Report every line from the following entries that contains the string "fill".

Data: Begin

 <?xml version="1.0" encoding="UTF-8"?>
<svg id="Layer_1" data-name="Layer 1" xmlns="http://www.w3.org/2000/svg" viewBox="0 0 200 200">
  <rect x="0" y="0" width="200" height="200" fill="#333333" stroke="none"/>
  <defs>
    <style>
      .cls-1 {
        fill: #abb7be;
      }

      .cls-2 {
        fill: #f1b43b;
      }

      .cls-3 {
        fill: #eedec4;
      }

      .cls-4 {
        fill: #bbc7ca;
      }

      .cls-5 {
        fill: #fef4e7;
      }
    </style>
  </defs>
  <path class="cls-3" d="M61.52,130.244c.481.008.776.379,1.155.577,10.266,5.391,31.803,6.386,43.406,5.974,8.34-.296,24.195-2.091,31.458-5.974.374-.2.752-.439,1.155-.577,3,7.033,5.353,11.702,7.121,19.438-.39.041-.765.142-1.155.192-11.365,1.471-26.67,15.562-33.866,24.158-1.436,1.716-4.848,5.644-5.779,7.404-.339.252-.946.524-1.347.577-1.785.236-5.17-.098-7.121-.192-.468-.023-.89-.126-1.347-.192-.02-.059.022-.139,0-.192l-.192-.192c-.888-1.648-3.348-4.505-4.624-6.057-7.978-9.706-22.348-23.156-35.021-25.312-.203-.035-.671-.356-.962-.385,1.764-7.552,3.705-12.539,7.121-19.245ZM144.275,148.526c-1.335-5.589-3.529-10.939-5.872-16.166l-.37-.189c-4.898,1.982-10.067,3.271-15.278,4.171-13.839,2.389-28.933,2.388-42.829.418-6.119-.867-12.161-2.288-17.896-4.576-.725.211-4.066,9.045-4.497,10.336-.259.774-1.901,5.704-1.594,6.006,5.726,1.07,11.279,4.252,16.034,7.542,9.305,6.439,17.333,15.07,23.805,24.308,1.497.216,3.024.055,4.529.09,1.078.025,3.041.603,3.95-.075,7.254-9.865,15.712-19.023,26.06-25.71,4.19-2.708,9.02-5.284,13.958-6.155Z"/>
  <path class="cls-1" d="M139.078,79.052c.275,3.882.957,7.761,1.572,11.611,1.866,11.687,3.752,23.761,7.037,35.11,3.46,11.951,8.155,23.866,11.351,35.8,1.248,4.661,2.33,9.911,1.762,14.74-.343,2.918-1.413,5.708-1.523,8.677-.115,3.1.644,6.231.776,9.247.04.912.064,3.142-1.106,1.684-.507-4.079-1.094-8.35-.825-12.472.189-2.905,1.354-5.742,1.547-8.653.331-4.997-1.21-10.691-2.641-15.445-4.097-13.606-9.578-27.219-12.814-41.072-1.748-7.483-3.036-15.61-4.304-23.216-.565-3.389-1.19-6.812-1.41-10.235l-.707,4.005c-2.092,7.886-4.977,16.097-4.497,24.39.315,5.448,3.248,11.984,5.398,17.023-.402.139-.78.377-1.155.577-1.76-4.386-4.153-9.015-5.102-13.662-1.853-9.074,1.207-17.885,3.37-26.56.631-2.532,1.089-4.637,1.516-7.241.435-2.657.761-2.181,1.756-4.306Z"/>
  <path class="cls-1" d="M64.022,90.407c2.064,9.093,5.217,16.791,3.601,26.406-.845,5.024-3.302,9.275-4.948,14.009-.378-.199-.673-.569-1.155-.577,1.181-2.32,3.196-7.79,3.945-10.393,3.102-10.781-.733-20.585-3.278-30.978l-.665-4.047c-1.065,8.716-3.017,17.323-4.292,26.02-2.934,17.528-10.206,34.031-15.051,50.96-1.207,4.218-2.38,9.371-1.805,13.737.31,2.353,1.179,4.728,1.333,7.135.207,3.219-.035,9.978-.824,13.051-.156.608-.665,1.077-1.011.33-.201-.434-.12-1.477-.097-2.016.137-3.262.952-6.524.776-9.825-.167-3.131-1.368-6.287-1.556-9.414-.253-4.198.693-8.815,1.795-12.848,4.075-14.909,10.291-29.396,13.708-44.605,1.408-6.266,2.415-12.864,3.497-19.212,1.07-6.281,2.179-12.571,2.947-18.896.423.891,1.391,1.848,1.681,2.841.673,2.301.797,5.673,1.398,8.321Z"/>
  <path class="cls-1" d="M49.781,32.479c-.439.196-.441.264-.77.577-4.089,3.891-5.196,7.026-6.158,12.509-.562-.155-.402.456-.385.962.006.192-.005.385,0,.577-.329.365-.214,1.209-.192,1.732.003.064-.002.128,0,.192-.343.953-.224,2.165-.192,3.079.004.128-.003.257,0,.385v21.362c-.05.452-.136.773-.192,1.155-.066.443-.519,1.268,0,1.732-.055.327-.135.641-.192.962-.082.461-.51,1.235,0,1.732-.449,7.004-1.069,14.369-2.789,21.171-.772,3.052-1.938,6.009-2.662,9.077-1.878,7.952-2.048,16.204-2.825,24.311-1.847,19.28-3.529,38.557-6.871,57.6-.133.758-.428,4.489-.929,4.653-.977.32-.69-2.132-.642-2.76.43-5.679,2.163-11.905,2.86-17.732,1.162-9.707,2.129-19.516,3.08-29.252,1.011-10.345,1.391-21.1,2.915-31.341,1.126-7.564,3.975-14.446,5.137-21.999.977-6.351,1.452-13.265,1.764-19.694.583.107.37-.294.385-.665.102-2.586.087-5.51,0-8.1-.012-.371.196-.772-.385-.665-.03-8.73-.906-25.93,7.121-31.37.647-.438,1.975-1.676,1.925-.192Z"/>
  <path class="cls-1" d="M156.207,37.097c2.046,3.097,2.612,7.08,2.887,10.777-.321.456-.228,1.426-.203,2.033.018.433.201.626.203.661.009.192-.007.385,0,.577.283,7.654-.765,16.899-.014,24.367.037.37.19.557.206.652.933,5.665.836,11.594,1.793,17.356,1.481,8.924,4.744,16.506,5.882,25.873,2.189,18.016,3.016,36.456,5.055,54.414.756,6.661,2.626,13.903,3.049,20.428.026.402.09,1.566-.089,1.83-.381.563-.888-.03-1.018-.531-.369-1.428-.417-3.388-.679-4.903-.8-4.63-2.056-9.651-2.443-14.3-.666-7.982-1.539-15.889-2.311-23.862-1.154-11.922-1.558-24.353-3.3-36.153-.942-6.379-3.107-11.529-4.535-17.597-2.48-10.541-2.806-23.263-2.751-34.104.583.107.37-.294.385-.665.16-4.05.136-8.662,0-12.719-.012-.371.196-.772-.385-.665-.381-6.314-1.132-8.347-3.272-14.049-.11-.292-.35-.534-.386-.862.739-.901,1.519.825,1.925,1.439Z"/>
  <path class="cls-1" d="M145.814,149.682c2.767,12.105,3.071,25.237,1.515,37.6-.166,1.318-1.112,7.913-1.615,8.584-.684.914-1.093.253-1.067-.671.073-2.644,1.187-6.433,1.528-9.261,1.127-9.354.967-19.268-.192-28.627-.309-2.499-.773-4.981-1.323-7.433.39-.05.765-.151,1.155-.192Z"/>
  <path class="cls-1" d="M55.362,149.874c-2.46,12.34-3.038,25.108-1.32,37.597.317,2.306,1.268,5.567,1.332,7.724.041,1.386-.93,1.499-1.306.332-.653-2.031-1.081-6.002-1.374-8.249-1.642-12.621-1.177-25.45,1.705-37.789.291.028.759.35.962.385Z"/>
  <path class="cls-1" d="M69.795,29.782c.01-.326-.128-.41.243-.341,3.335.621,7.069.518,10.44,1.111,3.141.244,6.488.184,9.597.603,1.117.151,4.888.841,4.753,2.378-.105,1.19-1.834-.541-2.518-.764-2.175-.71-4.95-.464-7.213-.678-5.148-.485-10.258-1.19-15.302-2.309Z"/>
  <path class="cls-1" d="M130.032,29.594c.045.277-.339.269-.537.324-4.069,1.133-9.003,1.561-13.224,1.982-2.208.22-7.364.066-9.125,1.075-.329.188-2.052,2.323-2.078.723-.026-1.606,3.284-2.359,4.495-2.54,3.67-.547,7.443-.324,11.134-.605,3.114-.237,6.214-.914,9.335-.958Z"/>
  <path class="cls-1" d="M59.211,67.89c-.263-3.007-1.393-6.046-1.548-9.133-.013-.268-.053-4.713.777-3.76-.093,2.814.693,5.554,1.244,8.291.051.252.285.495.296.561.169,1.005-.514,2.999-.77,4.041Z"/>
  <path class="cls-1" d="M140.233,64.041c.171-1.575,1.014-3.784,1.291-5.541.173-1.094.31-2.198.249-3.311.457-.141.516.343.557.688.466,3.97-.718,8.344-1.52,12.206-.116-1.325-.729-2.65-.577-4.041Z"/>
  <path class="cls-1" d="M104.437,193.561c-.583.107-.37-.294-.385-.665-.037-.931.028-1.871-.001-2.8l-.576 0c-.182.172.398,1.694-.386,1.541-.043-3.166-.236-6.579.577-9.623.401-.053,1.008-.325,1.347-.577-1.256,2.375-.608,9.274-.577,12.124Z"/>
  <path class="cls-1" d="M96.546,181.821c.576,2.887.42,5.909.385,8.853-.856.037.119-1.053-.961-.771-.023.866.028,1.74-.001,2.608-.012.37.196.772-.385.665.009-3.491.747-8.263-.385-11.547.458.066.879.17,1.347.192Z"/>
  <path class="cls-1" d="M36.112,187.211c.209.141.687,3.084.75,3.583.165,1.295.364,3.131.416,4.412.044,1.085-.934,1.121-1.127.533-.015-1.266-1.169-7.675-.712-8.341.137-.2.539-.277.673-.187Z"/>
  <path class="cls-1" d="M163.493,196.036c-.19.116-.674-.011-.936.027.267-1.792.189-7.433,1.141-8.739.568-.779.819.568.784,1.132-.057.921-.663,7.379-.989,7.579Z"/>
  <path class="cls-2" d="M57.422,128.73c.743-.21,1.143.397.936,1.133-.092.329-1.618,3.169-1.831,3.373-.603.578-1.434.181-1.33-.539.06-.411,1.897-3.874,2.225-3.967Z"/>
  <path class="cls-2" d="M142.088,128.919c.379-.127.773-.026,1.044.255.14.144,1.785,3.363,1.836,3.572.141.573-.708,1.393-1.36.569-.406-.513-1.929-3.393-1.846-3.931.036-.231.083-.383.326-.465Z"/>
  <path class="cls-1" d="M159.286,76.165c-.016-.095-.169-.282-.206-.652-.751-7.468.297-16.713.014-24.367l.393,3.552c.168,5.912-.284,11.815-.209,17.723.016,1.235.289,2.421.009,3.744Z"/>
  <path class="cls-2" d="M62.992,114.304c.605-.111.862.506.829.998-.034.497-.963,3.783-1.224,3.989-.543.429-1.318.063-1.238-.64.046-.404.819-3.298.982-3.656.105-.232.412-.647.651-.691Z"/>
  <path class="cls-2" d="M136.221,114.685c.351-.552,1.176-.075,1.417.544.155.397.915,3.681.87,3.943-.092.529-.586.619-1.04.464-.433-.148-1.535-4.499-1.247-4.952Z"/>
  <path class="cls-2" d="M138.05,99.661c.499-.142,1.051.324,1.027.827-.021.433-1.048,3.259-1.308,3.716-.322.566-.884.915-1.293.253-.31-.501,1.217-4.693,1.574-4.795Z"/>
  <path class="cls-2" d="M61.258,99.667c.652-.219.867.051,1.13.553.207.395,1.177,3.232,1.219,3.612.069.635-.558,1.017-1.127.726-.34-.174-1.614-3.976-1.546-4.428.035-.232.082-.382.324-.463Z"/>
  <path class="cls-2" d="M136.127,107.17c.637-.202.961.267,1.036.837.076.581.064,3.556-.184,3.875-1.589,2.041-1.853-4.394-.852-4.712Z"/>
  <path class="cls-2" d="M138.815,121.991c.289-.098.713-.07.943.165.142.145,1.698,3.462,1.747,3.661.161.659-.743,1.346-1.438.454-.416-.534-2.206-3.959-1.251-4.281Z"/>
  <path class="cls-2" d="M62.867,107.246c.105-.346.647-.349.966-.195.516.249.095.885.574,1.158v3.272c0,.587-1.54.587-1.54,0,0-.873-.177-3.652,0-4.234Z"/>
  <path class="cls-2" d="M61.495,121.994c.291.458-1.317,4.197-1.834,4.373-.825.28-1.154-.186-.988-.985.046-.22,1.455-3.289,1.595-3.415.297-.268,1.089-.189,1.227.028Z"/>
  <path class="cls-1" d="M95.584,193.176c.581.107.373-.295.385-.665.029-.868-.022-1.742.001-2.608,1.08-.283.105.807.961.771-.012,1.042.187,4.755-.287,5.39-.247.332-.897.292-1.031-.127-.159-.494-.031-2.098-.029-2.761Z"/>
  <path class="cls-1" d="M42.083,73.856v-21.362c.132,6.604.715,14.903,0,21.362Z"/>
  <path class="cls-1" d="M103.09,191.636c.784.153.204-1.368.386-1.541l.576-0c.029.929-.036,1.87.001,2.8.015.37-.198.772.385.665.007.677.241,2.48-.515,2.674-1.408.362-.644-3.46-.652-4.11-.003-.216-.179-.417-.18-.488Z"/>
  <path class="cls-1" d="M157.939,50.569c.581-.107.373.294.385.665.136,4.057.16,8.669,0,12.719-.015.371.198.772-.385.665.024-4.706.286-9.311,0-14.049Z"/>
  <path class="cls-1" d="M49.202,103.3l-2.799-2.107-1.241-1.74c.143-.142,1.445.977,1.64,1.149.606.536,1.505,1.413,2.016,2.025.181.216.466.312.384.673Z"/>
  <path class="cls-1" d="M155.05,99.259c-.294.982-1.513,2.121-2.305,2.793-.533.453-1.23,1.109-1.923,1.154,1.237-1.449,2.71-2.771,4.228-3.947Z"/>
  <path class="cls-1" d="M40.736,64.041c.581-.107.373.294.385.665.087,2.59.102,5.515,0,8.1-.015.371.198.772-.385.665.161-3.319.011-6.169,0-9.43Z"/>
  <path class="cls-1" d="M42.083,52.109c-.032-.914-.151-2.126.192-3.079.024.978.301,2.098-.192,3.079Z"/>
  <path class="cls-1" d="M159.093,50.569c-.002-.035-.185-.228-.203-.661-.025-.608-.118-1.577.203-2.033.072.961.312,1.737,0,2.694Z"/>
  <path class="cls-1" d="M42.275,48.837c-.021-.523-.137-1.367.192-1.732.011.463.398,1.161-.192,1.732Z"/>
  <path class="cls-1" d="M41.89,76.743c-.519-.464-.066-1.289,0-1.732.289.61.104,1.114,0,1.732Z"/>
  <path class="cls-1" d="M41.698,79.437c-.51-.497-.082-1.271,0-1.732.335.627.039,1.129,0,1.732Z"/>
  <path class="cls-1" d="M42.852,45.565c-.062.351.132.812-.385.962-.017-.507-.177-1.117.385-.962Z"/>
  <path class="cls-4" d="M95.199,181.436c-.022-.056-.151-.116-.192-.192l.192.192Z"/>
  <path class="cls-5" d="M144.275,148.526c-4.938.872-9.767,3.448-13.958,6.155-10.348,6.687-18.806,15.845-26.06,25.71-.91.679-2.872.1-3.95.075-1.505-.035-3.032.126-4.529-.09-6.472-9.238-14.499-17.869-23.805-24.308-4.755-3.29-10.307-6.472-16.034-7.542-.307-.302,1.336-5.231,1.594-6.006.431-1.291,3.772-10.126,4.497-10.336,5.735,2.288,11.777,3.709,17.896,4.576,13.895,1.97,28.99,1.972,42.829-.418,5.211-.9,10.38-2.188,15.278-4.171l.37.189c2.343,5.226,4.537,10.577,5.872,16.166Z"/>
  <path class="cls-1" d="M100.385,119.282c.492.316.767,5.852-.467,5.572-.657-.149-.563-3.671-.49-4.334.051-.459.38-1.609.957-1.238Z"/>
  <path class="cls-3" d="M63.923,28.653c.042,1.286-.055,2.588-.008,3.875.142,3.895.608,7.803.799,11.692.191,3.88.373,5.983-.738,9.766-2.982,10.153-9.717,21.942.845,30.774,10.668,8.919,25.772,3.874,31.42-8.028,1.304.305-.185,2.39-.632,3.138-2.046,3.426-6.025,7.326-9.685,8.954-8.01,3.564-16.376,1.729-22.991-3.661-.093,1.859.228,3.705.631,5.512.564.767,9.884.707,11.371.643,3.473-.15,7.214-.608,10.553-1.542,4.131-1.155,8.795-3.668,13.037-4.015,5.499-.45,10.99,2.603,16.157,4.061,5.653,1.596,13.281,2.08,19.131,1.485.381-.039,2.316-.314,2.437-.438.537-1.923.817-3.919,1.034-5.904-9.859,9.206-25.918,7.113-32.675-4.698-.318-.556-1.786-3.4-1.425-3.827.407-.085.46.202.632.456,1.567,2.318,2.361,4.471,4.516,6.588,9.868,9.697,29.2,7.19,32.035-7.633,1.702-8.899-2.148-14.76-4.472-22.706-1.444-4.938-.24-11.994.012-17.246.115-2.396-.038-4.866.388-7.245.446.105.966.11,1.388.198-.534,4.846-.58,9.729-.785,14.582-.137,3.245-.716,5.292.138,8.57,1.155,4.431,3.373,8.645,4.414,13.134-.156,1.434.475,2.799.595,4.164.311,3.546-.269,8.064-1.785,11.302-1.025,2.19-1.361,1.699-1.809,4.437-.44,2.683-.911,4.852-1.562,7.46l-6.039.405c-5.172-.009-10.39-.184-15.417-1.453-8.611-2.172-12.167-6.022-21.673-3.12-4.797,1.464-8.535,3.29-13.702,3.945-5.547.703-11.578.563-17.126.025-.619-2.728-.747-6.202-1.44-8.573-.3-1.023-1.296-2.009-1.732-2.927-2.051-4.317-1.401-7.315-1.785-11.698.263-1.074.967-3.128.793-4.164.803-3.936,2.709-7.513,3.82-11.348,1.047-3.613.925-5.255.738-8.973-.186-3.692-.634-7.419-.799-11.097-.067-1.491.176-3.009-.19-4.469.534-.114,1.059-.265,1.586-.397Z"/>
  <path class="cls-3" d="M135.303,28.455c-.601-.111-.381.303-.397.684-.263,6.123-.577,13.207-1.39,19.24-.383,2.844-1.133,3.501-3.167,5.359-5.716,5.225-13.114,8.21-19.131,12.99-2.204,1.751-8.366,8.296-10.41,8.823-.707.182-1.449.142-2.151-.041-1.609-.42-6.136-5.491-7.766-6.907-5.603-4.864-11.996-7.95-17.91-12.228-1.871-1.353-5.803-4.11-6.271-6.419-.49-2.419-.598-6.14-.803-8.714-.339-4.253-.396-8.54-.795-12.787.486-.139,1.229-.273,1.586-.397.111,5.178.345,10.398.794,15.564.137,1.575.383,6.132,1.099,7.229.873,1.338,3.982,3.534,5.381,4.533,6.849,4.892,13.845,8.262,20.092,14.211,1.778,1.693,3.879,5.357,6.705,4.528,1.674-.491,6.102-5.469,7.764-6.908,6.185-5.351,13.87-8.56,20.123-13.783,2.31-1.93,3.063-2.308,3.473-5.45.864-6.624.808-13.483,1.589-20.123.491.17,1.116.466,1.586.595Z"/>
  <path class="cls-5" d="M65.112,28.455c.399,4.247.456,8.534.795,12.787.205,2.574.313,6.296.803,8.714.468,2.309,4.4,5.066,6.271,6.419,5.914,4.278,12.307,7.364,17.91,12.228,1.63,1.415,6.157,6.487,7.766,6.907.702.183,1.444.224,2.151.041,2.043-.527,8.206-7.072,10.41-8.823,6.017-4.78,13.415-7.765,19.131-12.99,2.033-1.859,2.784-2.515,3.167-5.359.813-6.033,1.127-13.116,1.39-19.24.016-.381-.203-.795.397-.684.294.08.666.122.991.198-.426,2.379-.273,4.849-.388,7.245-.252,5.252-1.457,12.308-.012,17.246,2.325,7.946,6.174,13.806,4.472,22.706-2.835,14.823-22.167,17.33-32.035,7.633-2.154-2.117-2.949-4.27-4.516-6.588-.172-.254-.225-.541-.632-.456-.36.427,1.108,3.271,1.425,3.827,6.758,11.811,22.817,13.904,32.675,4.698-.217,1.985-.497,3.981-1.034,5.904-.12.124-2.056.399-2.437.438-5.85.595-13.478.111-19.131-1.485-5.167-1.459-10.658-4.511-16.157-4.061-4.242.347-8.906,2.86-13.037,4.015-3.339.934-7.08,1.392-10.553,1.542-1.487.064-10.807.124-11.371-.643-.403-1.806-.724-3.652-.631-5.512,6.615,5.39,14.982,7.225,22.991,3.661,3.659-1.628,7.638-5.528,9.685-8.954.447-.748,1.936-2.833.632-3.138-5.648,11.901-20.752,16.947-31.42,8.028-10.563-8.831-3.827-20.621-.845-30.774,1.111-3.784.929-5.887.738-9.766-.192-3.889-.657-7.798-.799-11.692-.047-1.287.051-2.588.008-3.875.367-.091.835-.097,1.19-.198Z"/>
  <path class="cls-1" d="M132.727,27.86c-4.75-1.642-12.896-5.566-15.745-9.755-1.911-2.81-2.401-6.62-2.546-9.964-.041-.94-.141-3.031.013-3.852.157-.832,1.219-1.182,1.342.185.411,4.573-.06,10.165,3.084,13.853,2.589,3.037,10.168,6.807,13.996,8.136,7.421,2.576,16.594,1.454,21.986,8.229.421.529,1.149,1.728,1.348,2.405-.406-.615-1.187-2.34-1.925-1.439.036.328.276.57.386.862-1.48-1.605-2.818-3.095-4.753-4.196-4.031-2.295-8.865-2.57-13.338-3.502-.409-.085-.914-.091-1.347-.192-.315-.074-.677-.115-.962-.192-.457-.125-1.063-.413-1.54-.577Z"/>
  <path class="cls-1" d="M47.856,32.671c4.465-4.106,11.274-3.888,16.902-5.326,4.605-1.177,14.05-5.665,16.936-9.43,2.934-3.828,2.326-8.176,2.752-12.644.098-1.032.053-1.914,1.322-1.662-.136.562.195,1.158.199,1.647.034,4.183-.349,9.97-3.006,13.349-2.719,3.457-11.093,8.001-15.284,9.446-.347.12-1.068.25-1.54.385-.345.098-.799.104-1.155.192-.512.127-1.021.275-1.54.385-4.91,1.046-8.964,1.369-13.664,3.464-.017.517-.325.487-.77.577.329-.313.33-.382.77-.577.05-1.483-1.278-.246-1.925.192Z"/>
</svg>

Data: End

● **Task output**
  <rect x="0" y="0" width="200" height="200" fill="#333333" stroke="none"/>
        fill: #abb7be;
        fill: #f1b43b;
        fill: #eedec4;
        fill: #bbc7ca;
        fill: #fef4e7;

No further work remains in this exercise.